▶ **TASK GOAL**
Repeat every entry word for word, but leave the images out of your copy.

== AVAILABLE RECORDS

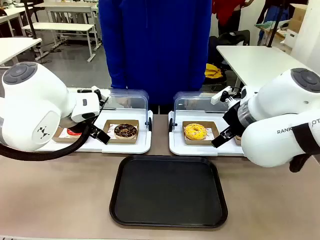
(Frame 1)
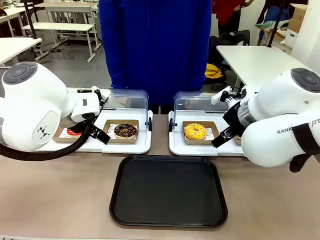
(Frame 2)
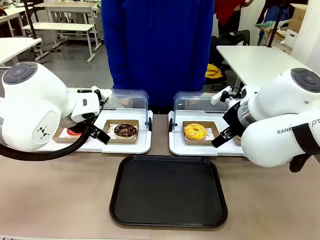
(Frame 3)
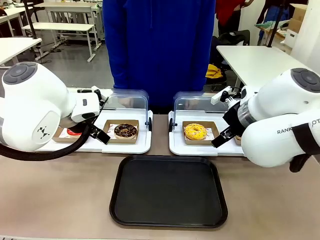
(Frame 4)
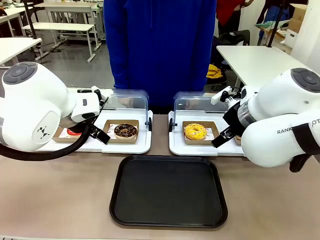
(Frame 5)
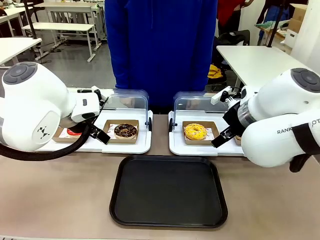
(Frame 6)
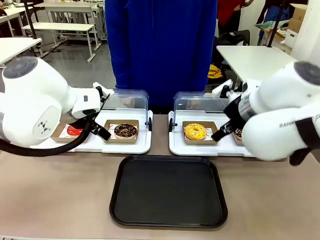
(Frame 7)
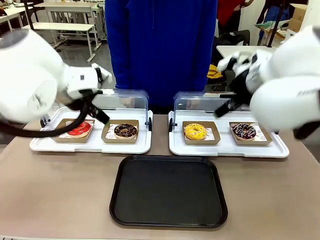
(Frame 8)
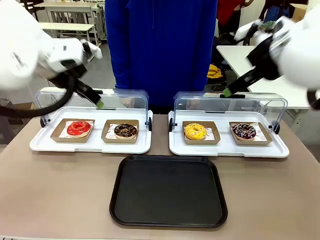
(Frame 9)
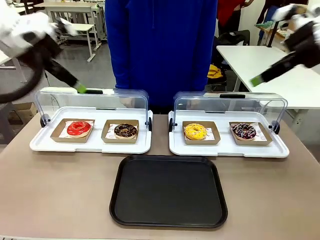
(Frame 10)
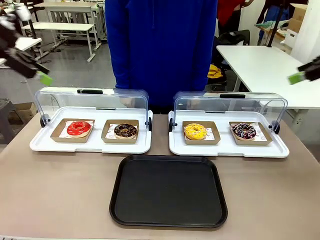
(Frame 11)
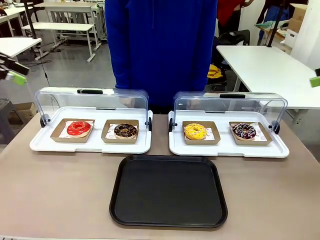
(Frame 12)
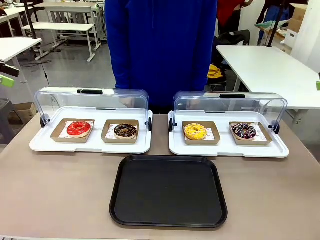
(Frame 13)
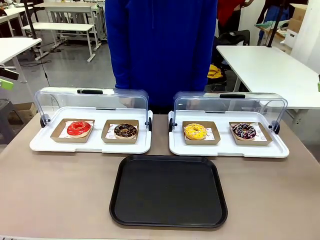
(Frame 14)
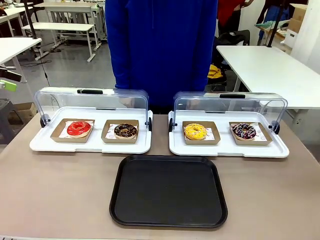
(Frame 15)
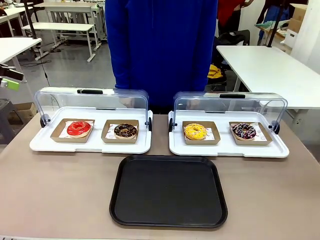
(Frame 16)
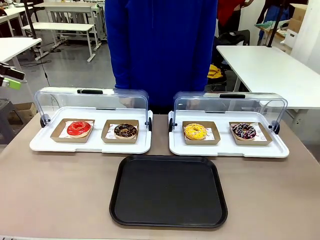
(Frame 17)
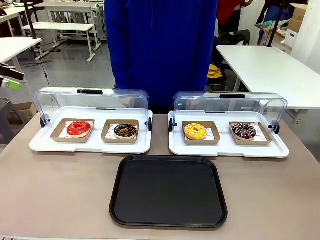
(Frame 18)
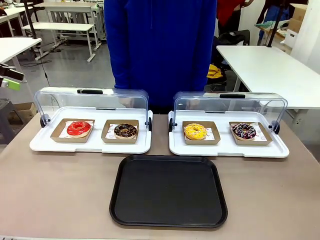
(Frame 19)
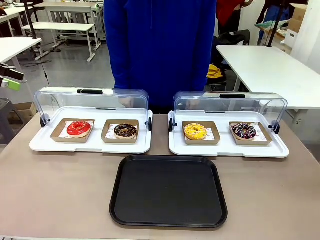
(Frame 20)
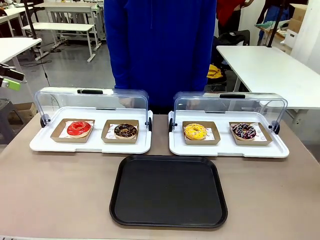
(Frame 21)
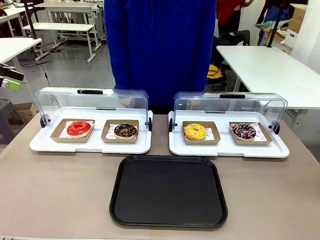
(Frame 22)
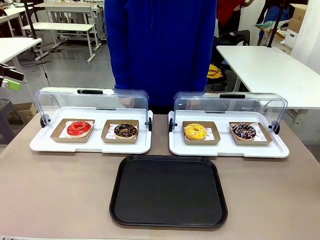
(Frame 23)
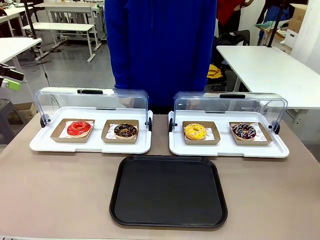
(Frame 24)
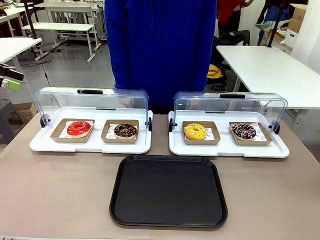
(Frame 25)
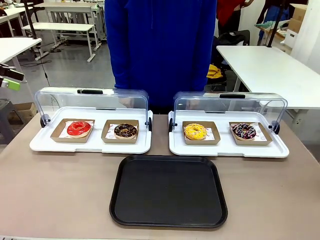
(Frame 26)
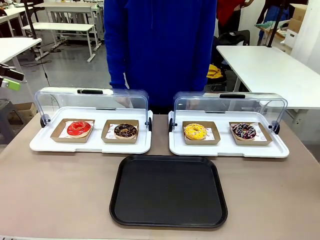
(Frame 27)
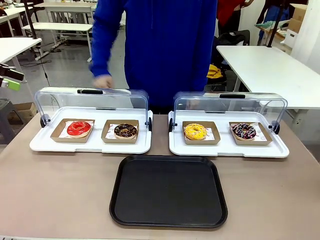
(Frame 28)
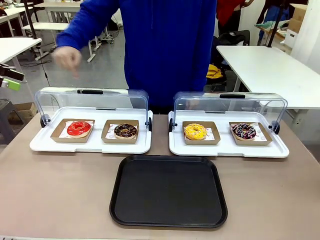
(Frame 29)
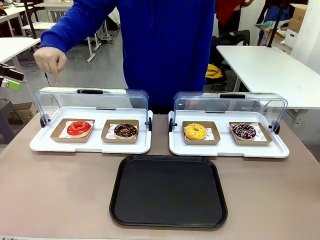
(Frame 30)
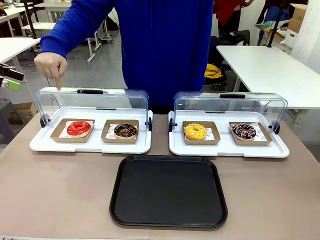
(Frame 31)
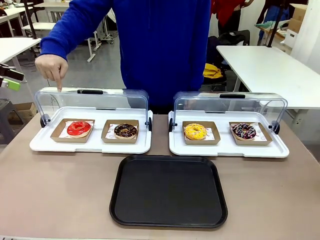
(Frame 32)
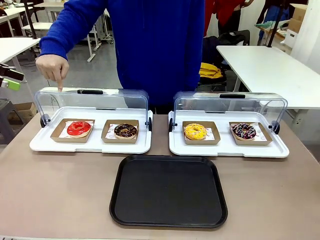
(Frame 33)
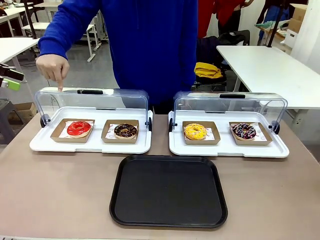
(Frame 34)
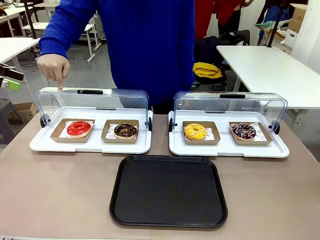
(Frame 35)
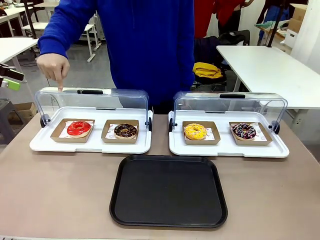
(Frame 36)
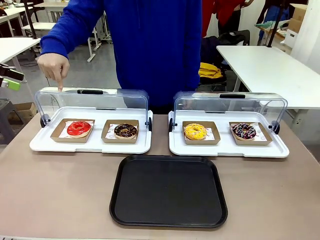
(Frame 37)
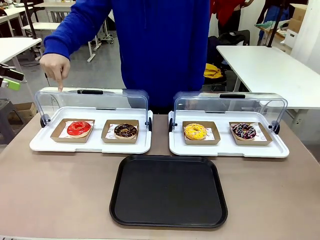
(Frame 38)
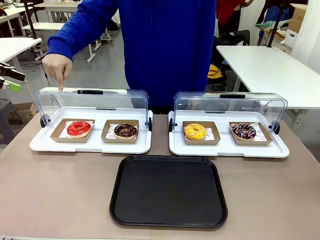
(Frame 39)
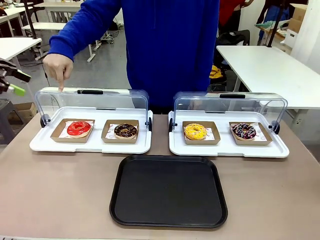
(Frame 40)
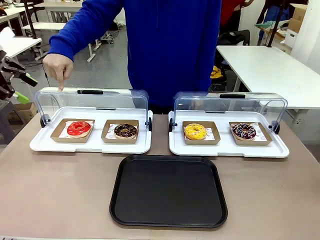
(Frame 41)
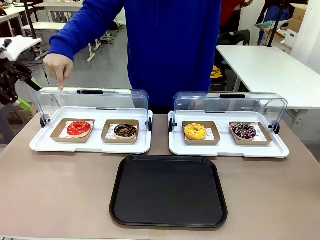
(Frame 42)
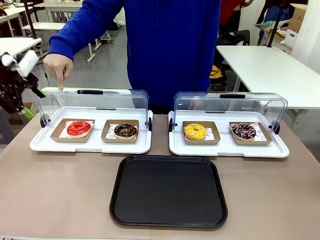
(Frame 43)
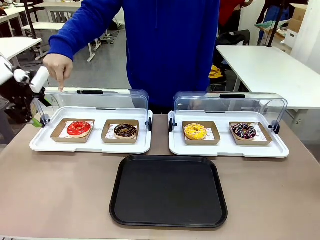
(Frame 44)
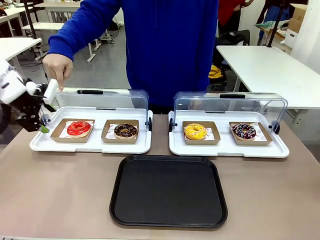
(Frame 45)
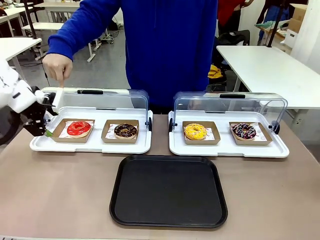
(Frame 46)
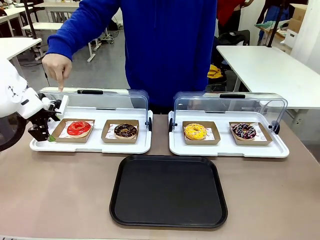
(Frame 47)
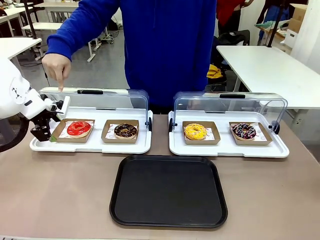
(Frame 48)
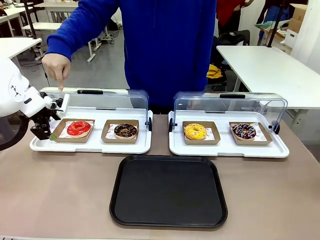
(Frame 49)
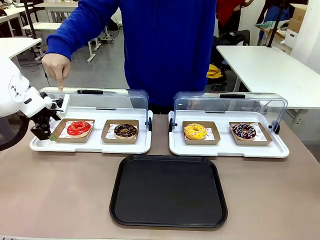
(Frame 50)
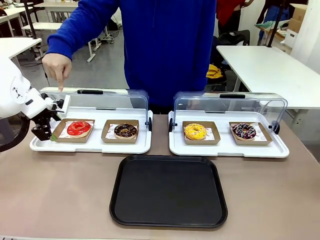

====

▶ **ANSWER SPACE**
(Frame 1)
(Frame 2)
(Frame 3)
(Frame 4)
(Frame 5)
(Frame 6)
(Frame 7)
(Frame 8)
(Frame 9)
(Frame 10)
(Frame 11)
(Frame 12)
(Frame 13)
(Frame 14)
(Frame 15)
(Frame 16)
(Frame 17)
(Frame 18)
(Frame 19)
(Frame 20)
(Frame 21)
(Frame 22)
(Frame 23)
(Frame 24)
(Frame 25)
(Frame 26)
(Frame 27)
(Frame 28)
(Frame 29)
(Frame 30)
(Frame 31)
(Frame 32)
(Frame 33)
(Frame 34)
(Frame 35)
(Frame 36)
(Frame 37)
(Frame 38)
(Frame 39)
(Frame 40)
(Frame 41)
(Frame 42)
(Frame 43)
(Frame 44)
(Frame 45)
(Frame 46)
(Frame 47)
(Frame 48)
(Frame 49)
(Frame 50)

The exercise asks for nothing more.